3

La mujer a quien Ely llamaba Nan levantó la vista del escritorio en la oficina que daba al exterior, la miró de arriba a abajo y se puso de pie.

—Me caí —dijo Bet, porque sabía que el ojo se le estaba amoratando, se lo había mirado en el baño del restaurante. Tenía muy mal aspecto. Llevaba el traje cerrado hasta el cuello para cubrir los rasguños, todavía temblaba y olía a sudor. Pero había llegado a tiempo. Firmó sobre el escritorio ignorando la mirada que le dirigieron mientras lo hacía. Después levantó la vista—. Sentí que me iba a desmayar y caí. Lo lamento. Conseguí tomar algo para desayunar esta mañana. Me lo pagó un buen hombre. Hoy me recuperaré.

—Dios mío —dijo la mujer, impresionada, y se quedó de pie mirándola. Y así Bet se encontró frente a esa mujer de estación, esa mujer recta, respetable, que podía matarla con una llamada telefónica a las autoridades—. Dios mío. Siéntese.

—Vine a trabajar —dijo Bet—. El señor Ely dijo que iba a pagarme.

—Siéntese —dijo Nan con firmeza mientras señalaba una silla detrás del mostrador. Cuando Bet se sentó, le trajo coca y galletas.

Ella los aceptó.

—Gracias —dijo con voz débil, pensando que no le convenía discutir—. Realmente necesito el trabajo, señora.

Estaba suplicando. Pero no tenía opción.

—Llamaré a la enfermería —dijo Nan.

—No. —El corazón de Bet latió con fuerza. Casi dejó caer la taza—. No. No lo haga.

—Usted no se cayó —dijo Nan con voz oscura.

Bet levantó la vista y descubrió más sentido común del que esperaba en esa mujer seca y sencilla. No era una acusación. Nan sabía perfectamente bien que una caída no le deja a nadie la cara como la tenía Bet. Eso era todo.

—Me empujaron contra una pared. Por favor, deme una oportunidad, trabajaré dentro, en las oficinas, para no asustar a los clientes.

—Quiero hablar con el señor Ely.

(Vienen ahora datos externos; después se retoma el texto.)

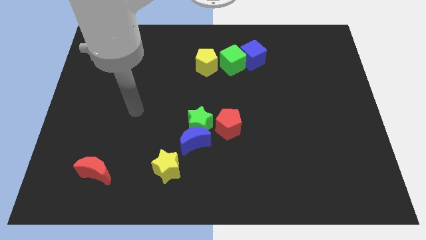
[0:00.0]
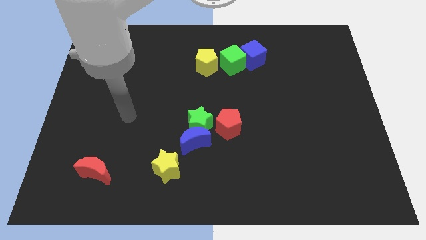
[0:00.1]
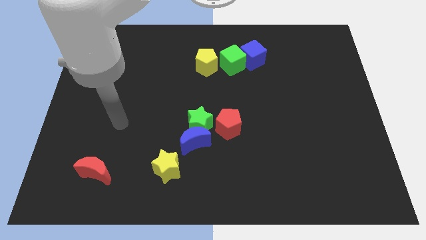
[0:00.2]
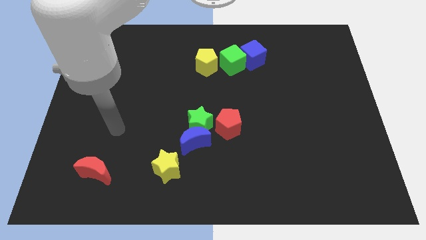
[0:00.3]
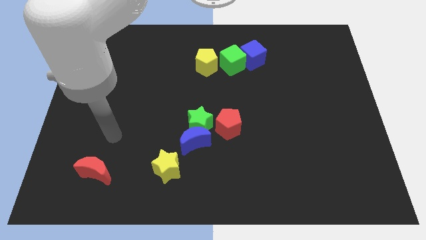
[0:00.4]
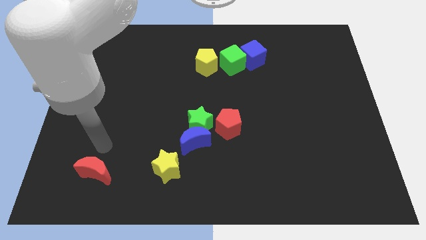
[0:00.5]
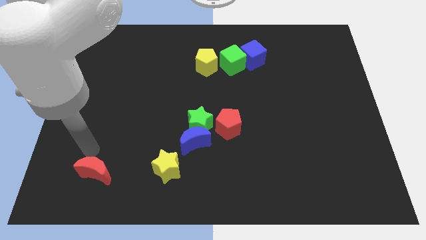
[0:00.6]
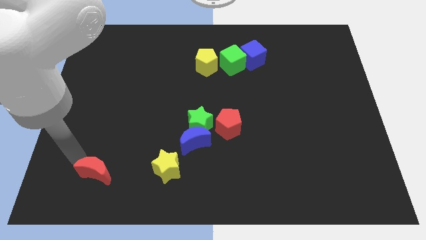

Ya pensaremos en algo.

—No quiero médicos. Por favor. Por favor, señora.

—Quédese aquí.

Nan se fue. Bet se sentó y tomó la coca. Le dolía el corte en la boca y el azúcar le provocaba dolor en el diente flojo. Mantuvo la taza entre las manos, tratando de no sentir pánico, mirando constantemente el corredor de vidrio al que daban las oficinas exteriores, tratando de no pensar en teléfonos ni en Seguridad ni en el baño de la noche anterior.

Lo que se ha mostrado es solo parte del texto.